Da ist zum einen die Highschool-Prinzessin Claire (Nora Büker), die ehrgeizige Balletttänzerin Anna (Nele Blaeske), die zornige Fatima (Jasmin Same) sowie der Streber Brian (Maksim Klimov) und der aggressive Bender (Tobias Felten). An einem Samstagmorgen müssen diese sechs Schüler wegen unterschiedlicher Vergehen in ihrer Schule nachsitzen. Unter der strengen Aufsicht der Lehrerin Mrs. Vernon (Arzu Sümer) müssen sie in der Schulbibliothek einen Aufsatz darüber schreiben, wer sie sind.

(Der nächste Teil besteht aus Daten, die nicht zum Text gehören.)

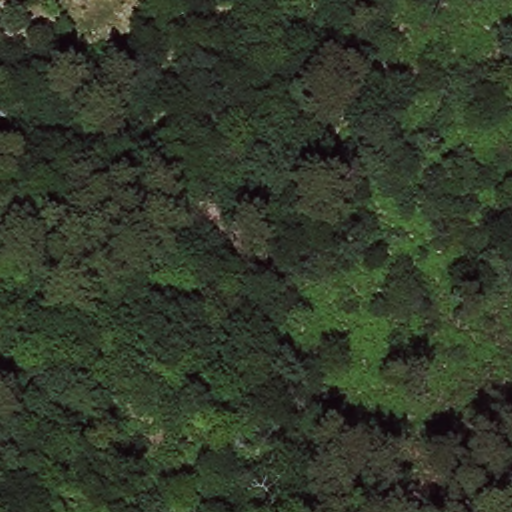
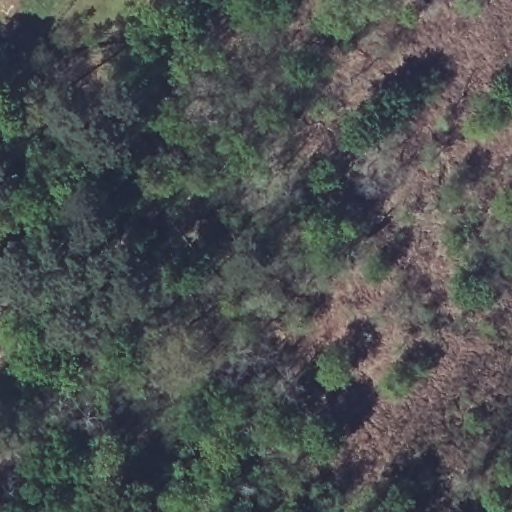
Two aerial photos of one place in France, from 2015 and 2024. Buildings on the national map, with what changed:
unchanged [(6,96),(7,107),(0,108),(0,91),(2,95),(6,96)]

Angelehnt an einen Teenagerfilm aus den 1980er-Jahren hat die Gruppe ein Theaterstück mit neuen Charakteren kreiert.

Unter der Leitung von Cornelia Rehling, die von ihren Regieassistentinnen Karina Mohammad und Saskia Küpper unterstützt wurde, schafften es die Schüler von Anfang an, die Spannungen und die Aggressivität innerhalb der Gruppe mit ihrem Spiel für das Publikum greifbar zu machen. Da flog auch schon mal ein Stuhl quer über die Bühne und ließ die Zuschauer zusammenzucken.

Überaus interessant war es mit anzusehen, wie die Teenager sich in den folgenden Szenen durch Provokation, Streit und Streiche immer mehr einander annäherten. Schließlich beginnen sie, von ihren Ängsten und Sehnsüchten zu erzählen und öffnen sich den anderen. Sogar der rebellische und besonders aggressive John Bender erzählt emotional von seinem gewalttätigen und primitiven Elternhaus, das ihn geprägt hat. Am Ende wird allen klar, dass sie sehr vielgemeinsam haben. Ob diese Erkenntnis zu einem dauerhaften Zusammenhalt führt, bleibt aber offen.

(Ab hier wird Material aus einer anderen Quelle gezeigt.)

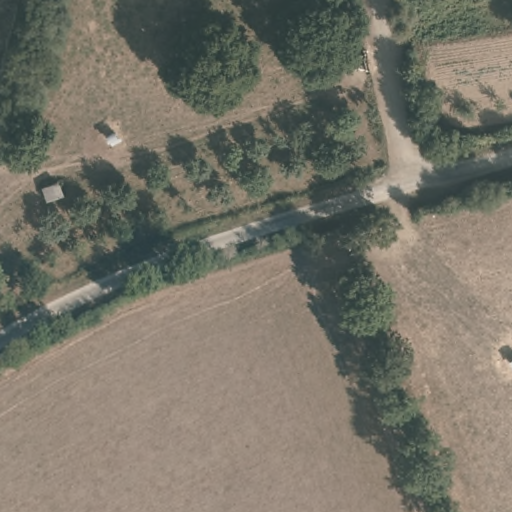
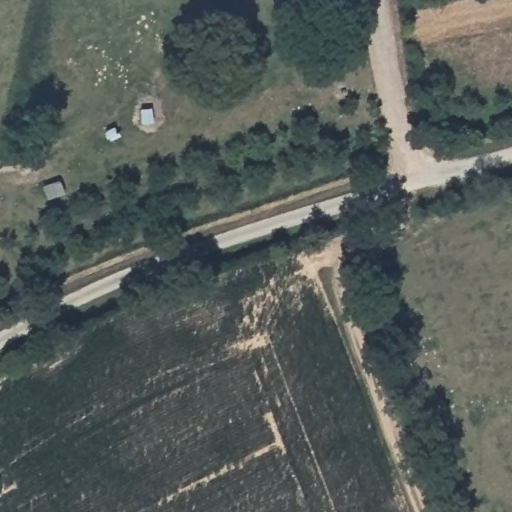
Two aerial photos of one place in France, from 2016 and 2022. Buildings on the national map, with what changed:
[]

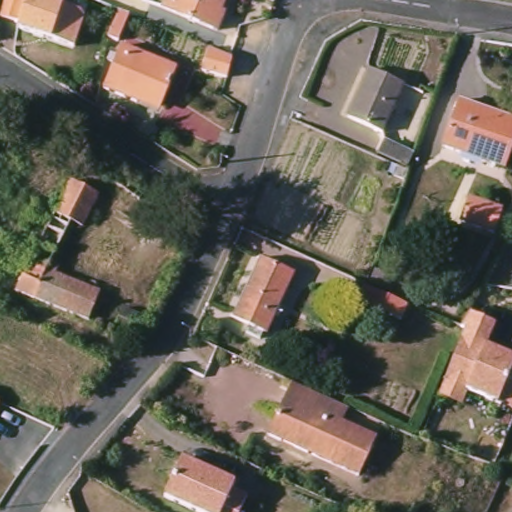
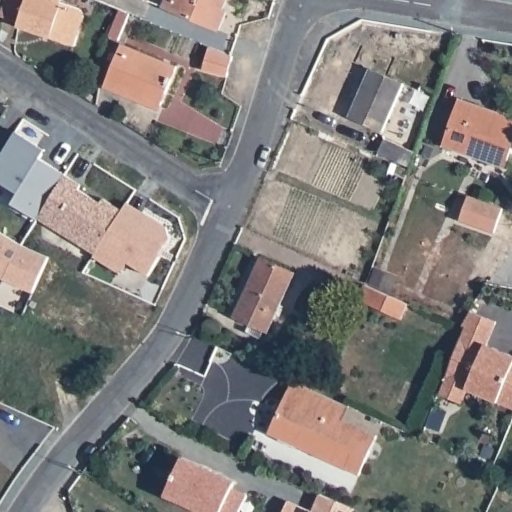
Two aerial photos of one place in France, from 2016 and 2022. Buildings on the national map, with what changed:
unchanged [(0,22),(0,9),(3,0),(25,0),(16,27),(0,22)]
unchanged [(84,9),(74,45),(16,27),(25,0),(62,0),(61,3),(84,9)]
unchanged [(166,11),(172,0),(233,0),(218,34),(166,11)]
unchanged [(125,45),(115,41),(126,14),(135,19),(125,45)]
new [(209,47),(231,56),(223,76),(200,66),(209,47)]
unchanged [(126,48),(182,71),(163,117),(108,93),(126,48)]
unchanged [(373,63),(409,79),(387,127),(352,111),(373,63)]
unchanged [(475,104),(474,109),(512,123),(512,157),(509,156),(505,167),(442,145),(459,99),(475,104)]
new [(96,254),(13,203),(19,193),(0,181),(0,157),(16,132),(45,150),(40,159),(81,185),(78,190),(101,204),(103,200),(123,211),(127,203),(166,227),(169,237),(149,277),(127,263),(120,274),(94,258),(96,254)]
unchanged [(390,132),(417,147),(410,163),(383,149),(390,132)]
demolished [(114,168),(143,186),(140,190),(144,193),(140,198),(108,176),(114,168)]
demolished [(99,192),(83,225),(71,220),(51,259),(59,264),(57,271),(100,289),(86,319),(16,290),(71,179),(99,192)]
unchanged [(471,202),(505,214),(496,238),(462,225),(471,202)]
new [(21,247),(48,259),(33,292),(0,276),(0,233),(21,247)]
unchanged [(245,338),(249,329),(234,322),(261,261),(295,277),(267,338),(264,337),(261,344),(245,338)]
unchanged [(364,290),(408,310),(402,324),(358,304),(364,290)]
demolished [(125,306),(147,315),(136,339),(114,329),(125,306)]
unchanged [(485,345),(512,356),(512,414),(463,390),(454,406),(435,394),(470,309),(494,320),(485,345)]
unchanged [(359,474),(271,434),(294,382),(319,393),(335,401),(349,407),(344,419),(377,434),(359,474)]
unchanged [(164,502),(181,464),(235,487),(232,494),(247,500),(242,512),(187,512),(164,502)]
new [(319,497),(352,511),(352,512),(312,512),(319,497)]
new [(287,502),(309,512),(283,512),(287,502)]

Die beeindruckende schauspielerische Leistung der angehenden Abiturienten hat mit Sicherheit auch ihren Ursprung in den zahlreichen Proben, die auch mal in den Ferien oder am Wochenende stattfanden. Besondere Akzente setzten die von Saskia Küpper gestalteten Filmsequenzen sowie die Ton- und -Lichtgestaltung von Sultan Alkan, Khalida Chaabou, Cilem Sungur und Laura Wolff.

Die schauspielerische Leistung beeindruckte das Publikum, das die Akteure mit einem besonders langen Applaus belohnte.